◆ **INSTRUCTIONS TO FOLLOW**
Where the line containing "އޭ) އަށް ކަނޑައަޅާފައިވާ" appears, end the copy there, keeping that line; start from the first line of the entries, copy exactly, and omit pictures.

Records drawn from a dataset
----

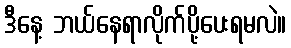
ဒီနေ့ ဘယ်နေရာလိုက်ပို့ပေးရမလဲ။
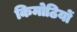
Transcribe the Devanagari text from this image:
किमोठियों
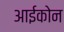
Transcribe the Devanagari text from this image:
आईकोन
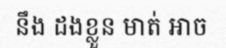
នឹង ដងខ្លួន មាត់ អាច
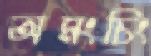
অমংচিং
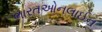
ભારતઓનલાઈન
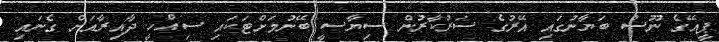
ޕީއޭގެ ނޫސް ބަޔާނުގައި އޭރުގެ ސަރުކާރުން ސިޔާސީ ބޭނުމަށްޓަކައި ސިއްހީ ދާއިރާއަށް ގެނައި
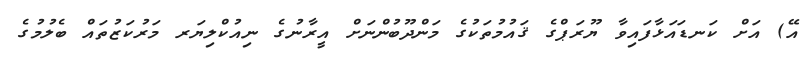
އޭ) އަށް ކަނޑައަޅާފައިވާ ޔޫރަޕްގެ ޤައުމުތަކުގެ މަންދޫބުންނަށް އީރާނުގެ ނިއުކްލިޔަރ މަރުކަޒުތައް ބެލުމުގެ
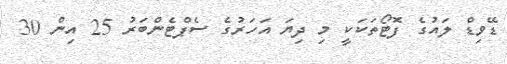
ޑޭވިޑް ލައުގެ ފޮޓޯތަކަކީ މި ދިޔަ އަހަރުގެ ސެޕްޓެންބަރު 25 އިން 30
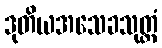
ဒုတိယအသေခသုတ္တံ
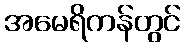
အမေရိကန်တွင်
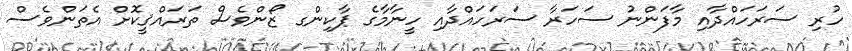
ހުރި ސަރަހައްދާއި މާފަންނު ސަހަރާ ސަރަހައްދާއި ހީނާމާގެ ޕާކިންގ ޒޯންވެސް ތަރައްޤީކޮށް އެތަންވެސް
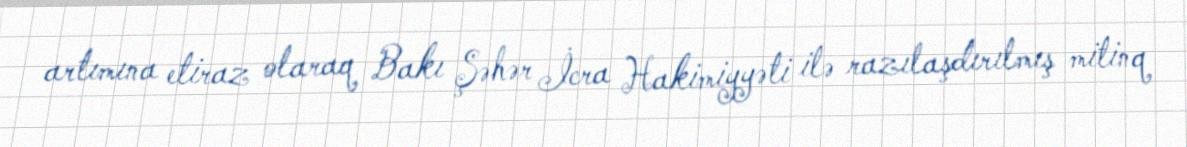
artımına etiraz olaraq Bakı Şəhər İcra Hakimiyyəti ilə razılaşdırılmış mitinq
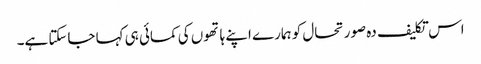
اس تکلیف دہ صورتحال کو ہمارے اپنے ہاتھوں کی کمائی ہی کہا جاسکتا ہے۔

----

◆ **OUTPUT**
ဒီနေ့ ဘယ်နေရာလိုက်ပို့ပေးရမလဲ။
Transcribe the Devanagari text from this image:
किमोठियों
Transcribe the Devanagari text from this image:
आईकोन
នឹង ដងខ្លួន មាត់ អាច
অমংচিং
ભારતઓનલાઈન
ޕީއޭގެ ނޫސް ބަޔާނުގައި އޭރުގެ ސަރުކާރުން ސިޔާސީ ބޭނުމަށްޓަކައި ސިއްހީ ދާއިރާއަށް ގެނައި
އޭ) އަށް ކަނޑައަޅާފައިވާ ޔޫރަޕްގެ ޤައުމުތަކުގެ މަންދޫބުންނަށް އީރާނުގެ ނިއުކްލިޔަރ މަރުކަޒުތައް ބެލުމުގެ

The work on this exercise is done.